# advice on property tax for new home owner



## nho82 (Dec 23, 2014)

I purchased my home in July 2013. In June 2014 I received a notice from my bank that they had paid my property tax in full to the city. My question is.. Since I purchased my home in July.. Shouldn't I have paid only half the taxes due.. July-Dec?? I am pretty sure the seller had paid the other half during our closing.

Can someone advise if my assessment on this is accurate or do I need some schooling?

Thanks
NHO


----------



## Just a Guy (Mar 27, 2012)

You always pay a split year (6 months forward, six months backwards). So the tax year is actually June to june, not January to December. When you buy/sell a place, the lawyers make adjustments and you get credits on the sale. 

If your purchase price is less than the assessed value, you may want to appeal the taxes.

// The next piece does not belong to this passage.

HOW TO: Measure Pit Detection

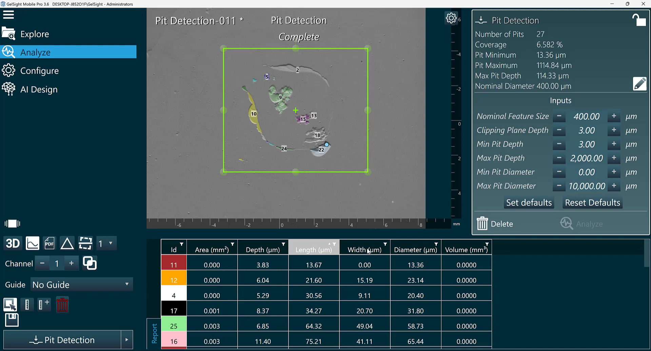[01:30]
So we just updated our nominal feature size, and now you can see it did group some of these smaller pits together as a single pit. We can now reference our table down here. We can sort the table based on the column headers. Maybe we are interested in the deepest pit. And we can even select a specific pit and view it in the scan.
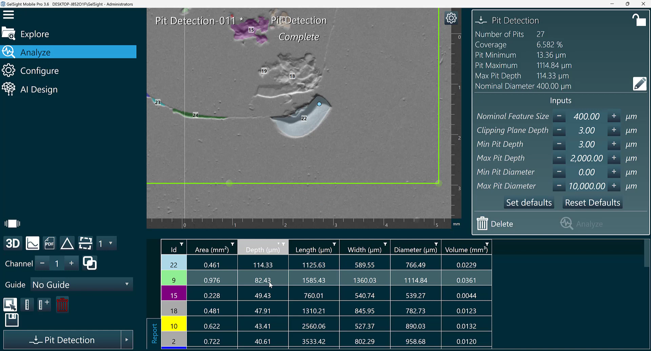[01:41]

It could save you some money.


----------



## cainvest (May 1, 2013)

Just a Guy said:


> So the tax year is actually June to june, not January to December.

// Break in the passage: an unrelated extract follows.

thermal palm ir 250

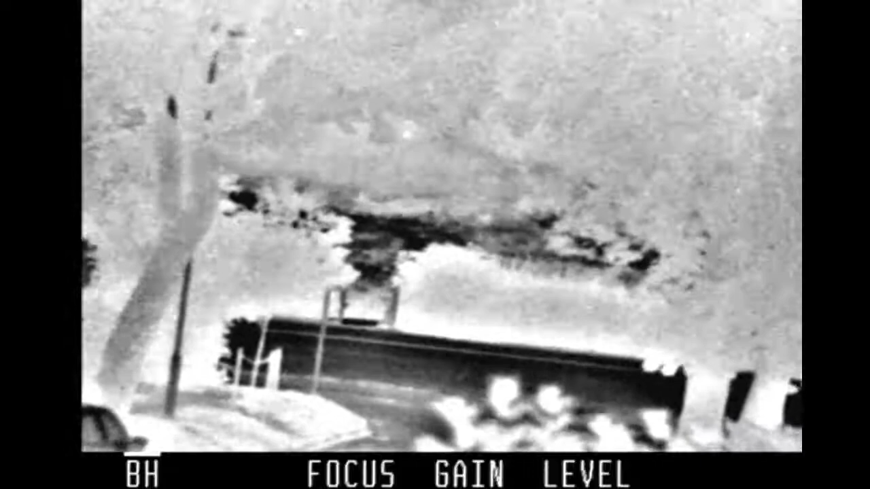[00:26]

I think the tax year runs Jan - Dec but you usually pay it somewhere in the middle of the year, at least for most cities I know.


----------



## Just a Guy (Mar 27, 2012)

Yes the tax year is jam-dec but you wind up paying in June (as you pay an entire year in June you wind up paying six months into next year, this is why you pay a July - June basis), the new rate is usually set in December.


----------



## cainvest (May 1, 2013)

Just a Guy said:


> Yes the tax year is jam-dec but you wind up paying in June (as you pay an entire year in June you wind up paying six months into next year, this is why you pay a July - June basis), the new rate is usually set in December.

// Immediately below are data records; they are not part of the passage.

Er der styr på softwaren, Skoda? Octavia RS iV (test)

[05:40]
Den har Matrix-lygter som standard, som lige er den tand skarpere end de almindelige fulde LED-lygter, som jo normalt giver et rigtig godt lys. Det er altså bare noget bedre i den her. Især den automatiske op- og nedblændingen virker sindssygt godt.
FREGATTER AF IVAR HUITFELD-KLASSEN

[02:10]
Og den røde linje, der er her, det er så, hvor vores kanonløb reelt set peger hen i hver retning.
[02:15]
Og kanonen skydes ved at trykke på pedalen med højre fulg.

Are we saying the same thing or something different?
Just did a quick search which showed what I thought it was, if you paid you taxes in full in June of 2014, your taxes are up to date for all of 2014 and none of 2015.


----------



## nho82 (Dec 23, 2014)

Just a Guy said:


> Yes the tax year is jam-dec but you wind up paying in June (as you pay an entire year in June you wind up paying six months into next year, this is why you pay a July - June basis), the new rate is usually set in December.


So the tax bill is from jan-dec but you pay it in June. That is what I understand. So technically in June 2014 I should be paying taxes from June 2013-Dec 2013. The Jan-Jun was paid by the previous owner.

Now what I also understand from what you said.. The lawyer already made adjustments to that. How are these adjustments made.. Is it reduced from my mortgage amount or is it given to my bank to pay for the taxes? 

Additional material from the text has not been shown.